The new outreach plan will explain the need for matching funds and streamline its “financial management to lower overhead costs for all ratepayers.” He said the “Gravity Supply Line would provide a more reliable flow of water to firefighters, families and businesses upcountry.”
In coming months, AWA “will be meeting with and seeking input from community residents on options for funding replacement” of the upcountry water system in the Central Amador Water Project service area, “which fails approximately 40 times every year,” he said.
District 3 Director Don Cooper said the plan is “a way forward for the Gravity Supply Line and current Upcountry water customers,” and “assurance that future development would pay a fair share of the project,” which has been approved for a $5 million federal grant.
The proposed gravity pipeline has been endorsed by the Amador Fire Chiefs Association and the Amador County Board of Supervisors for its “superior fire protection and water reliability Upcountry over the existing pumped system,” Mancebo said.
“We wish we did not have to replace the upcountry pumping system, but it’s old, vulnerable to frequent power-outages and operating beyond its design capacity much of the year,” Mancebo said. “We can’t ask families and seniors to cross their fingers each year hoping to avoid a calamity if the system fails to protect them and their property during a fire.”

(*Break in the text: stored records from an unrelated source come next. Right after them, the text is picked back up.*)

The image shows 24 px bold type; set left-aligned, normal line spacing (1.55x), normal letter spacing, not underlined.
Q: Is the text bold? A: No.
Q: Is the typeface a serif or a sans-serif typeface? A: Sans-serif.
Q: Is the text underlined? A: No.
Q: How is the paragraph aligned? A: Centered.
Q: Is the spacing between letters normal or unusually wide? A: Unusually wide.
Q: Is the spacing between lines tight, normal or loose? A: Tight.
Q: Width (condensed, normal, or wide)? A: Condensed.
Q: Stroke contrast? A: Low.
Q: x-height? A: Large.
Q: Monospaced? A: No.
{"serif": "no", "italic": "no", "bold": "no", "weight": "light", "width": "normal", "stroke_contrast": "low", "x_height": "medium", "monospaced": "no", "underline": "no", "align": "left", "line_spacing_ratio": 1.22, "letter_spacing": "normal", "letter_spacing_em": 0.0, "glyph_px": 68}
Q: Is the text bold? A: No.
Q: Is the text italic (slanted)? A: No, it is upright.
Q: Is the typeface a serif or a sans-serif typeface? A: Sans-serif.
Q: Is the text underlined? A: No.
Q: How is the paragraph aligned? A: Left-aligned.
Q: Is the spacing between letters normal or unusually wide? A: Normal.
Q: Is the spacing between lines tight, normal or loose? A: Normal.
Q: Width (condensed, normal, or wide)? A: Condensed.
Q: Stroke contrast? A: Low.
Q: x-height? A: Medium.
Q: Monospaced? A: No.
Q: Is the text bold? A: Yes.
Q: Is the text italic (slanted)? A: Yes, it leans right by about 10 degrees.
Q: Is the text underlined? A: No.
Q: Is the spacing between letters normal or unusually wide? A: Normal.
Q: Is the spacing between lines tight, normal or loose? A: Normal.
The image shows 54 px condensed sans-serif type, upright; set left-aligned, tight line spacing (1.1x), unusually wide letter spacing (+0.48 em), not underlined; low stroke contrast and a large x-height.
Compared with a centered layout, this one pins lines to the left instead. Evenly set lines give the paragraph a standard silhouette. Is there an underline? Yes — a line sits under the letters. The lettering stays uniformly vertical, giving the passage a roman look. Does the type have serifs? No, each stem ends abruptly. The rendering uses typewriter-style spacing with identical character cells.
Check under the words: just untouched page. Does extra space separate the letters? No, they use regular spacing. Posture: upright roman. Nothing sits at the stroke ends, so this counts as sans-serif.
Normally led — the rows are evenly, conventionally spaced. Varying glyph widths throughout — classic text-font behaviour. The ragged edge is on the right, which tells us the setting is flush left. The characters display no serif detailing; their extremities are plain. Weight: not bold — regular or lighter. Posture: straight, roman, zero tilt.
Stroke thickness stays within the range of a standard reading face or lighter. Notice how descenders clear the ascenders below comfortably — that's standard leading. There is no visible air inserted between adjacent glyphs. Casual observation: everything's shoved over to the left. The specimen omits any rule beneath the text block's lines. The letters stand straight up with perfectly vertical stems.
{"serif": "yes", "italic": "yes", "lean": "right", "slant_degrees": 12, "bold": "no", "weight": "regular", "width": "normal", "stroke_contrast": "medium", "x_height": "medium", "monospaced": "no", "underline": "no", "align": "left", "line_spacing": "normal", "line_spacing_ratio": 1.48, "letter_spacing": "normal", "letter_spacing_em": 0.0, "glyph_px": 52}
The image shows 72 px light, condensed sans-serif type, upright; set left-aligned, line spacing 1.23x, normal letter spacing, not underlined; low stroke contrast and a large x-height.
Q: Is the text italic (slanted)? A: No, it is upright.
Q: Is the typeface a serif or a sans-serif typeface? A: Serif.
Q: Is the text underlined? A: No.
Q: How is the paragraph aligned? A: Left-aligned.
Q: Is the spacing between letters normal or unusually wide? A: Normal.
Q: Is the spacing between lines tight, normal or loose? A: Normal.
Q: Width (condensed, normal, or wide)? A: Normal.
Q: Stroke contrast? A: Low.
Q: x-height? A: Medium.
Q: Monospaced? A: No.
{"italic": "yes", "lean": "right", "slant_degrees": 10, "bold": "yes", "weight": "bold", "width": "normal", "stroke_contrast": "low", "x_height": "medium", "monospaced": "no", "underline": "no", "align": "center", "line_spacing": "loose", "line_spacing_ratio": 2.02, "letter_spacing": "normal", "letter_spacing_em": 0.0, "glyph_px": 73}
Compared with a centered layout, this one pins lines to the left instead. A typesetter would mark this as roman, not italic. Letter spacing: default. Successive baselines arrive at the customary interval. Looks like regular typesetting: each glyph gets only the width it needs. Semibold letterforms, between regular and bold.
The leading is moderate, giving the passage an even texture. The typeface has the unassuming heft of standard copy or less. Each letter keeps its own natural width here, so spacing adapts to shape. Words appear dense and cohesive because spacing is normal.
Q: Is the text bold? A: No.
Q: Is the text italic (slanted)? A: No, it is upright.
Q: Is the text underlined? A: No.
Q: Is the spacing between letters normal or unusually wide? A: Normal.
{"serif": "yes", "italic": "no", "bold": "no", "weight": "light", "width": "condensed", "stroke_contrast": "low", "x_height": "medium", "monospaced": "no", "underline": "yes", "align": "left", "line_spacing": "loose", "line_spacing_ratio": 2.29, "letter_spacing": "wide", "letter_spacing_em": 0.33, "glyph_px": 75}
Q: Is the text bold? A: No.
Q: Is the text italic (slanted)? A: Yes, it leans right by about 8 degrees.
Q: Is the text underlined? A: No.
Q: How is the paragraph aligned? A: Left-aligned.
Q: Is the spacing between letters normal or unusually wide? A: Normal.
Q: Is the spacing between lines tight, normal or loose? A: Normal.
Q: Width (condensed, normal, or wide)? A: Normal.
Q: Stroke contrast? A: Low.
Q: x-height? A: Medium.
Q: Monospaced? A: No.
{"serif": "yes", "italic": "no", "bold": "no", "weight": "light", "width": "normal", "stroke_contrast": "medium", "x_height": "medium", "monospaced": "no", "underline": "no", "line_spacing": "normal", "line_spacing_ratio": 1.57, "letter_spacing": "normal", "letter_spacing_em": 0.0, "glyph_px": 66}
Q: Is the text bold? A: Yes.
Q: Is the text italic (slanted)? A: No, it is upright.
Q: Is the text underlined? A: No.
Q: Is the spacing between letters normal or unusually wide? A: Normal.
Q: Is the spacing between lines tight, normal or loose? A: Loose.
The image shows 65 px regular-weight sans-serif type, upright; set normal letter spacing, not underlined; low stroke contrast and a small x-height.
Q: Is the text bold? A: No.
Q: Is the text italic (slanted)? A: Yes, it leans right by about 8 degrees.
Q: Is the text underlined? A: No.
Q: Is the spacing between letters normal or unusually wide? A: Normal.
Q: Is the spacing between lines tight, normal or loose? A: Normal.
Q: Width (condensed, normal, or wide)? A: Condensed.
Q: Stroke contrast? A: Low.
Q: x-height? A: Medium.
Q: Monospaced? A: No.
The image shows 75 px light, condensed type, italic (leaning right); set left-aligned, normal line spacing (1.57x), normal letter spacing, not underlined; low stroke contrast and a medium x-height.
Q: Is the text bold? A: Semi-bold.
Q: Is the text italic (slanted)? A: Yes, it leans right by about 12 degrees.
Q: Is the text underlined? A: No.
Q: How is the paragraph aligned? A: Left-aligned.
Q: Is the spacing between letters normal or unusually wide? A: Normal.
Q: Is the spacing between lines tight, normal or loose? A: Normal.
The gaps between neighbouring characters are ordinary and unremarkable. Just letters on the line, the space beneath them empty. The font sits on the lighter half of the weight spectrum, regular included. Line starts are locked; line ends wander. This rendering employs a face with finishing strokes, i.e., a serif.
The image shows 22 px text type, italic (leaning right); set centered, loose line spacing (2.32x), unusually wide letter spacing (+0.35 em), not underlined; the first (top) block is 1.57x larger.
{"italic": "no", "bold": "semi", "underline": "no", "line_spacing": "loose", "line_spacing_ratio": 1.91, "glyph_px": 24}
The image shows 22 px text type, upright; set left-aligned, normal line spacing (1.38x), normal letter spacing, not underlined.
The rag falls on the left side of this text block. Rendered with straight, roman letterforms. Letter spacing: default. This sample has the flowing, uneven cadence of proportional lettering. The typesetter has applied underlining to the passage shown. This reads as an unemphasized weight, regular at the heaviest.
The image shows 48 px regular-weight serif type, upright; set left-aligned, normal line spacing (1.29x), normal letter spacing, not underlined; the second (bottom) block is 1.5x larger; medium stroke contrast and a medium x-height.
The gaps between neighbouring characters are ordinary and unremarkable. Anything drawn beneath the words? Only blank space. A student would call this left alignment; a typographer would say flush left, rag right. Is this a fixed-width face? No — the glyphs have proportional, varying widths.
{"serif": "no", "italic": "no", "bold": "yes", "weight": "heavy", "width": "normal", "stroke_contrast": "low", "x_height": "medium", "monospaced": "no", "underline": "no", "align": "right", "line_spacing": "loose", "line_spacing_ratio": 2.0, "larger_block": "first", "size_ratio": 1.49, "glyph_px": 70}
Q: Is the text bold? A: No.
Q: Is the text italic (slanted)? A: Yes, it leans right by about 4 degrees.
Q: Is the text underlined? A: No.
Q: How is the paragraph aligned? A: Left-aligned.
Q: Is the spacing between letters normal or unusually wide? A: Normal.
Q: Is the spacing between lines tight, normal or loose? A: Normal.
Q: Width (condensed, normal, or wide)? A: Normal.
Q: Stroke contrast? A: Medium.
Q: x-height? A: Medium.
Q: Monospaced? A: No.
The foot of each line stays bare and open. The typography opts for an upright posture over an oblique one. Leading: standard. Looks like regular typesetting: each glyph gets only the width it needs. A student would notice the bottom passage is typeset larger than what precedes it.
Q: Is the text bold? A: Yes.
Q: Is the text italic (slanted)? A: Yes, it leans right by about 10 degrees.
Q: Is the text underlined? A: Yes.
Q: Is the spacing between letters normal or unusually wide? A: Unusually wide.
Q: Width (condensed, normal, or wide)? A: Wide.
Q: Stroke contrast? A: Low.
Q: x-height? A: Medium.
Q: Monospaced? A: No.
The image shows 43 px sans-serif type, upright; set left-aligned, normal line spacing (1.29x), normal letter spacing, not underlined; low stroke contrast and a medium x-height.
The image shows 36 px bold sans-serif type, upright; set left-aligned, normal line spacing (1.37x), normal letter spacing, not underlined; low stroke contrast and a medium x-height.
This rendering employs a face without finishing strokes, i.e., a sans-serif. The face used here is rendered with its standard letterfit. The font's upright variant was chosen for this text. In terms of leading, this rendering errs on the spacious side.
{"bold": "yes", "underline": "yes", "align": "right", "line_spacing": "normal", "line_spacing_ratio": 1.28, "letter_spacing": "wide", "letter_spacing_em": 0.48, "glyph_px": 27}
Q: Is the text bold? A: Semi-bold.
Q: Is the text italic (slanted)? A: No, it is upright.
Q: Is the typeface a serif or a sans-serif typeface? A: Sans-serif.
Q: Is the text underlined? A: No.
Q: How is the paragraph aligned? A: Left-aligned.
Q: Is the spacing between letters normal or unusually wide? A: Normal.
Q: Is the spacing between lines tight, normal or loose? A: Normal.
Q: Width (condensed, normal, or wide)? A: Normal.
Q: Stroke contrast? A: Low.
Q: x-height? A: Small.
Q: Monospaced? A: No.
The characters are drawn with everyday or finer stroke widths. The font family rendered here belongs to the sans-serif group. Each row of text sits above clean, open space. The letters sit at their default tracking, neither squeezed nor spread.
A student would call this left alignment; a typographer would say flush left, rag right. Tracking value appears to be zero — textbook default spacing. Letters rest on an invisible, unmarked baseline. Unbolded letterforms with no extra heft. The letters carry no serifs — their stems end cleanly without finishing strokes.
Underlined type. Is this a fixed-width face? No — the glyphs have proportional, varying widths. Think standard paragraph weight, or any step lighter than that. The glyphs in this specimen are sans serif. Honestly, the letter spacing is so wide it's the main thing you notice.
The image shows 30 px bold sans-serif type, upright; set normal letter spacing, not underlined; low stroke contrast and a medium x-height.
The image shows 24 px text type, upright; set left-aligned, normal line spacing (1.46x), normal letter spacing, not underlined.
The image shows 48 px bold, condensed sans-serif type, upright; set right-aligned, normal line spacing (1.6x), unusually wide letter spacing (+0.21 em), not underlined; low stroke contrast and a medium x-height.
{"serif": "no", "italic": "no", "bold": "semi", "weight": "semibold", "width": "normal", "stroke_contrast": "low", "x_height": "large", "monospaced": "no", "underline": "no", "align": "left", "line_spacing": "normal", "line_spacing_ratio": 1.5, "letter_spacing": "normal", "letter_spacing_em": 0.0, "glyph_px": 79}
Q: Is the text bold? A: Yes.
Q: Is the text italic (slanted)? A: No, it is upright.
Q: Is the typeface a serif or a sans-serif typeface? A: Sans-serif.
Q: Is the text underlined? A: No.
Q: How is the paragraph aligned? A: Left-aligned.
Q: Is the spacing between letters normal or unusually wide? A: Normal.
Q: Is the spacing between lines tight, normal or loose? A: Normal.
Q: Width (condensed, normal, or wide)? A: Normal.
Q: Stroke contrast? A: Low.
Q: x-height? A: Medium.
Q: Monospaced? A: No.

Director Robert Manaserro said AWA “wants to be fair. We are not here to favor one system over another, and the status quo is very complicated and expensive to manage.”
Directors asked staff to “investigate ways to gain willing financial participation from landowners who would be future users in the CAWP service area, to help pay for the Gravity Supply Line, and in the Amador Water System, to help pay for additional water treatment plant capacity.”
The Board hired two consulting firms to bolster outreach and collaborate with community residents over the next four to six months. Mancebo said after “extensive public involvement,” the “Water Agency will decide whether to ask the public to provide matching funds for the Gravity Supply Line next year.”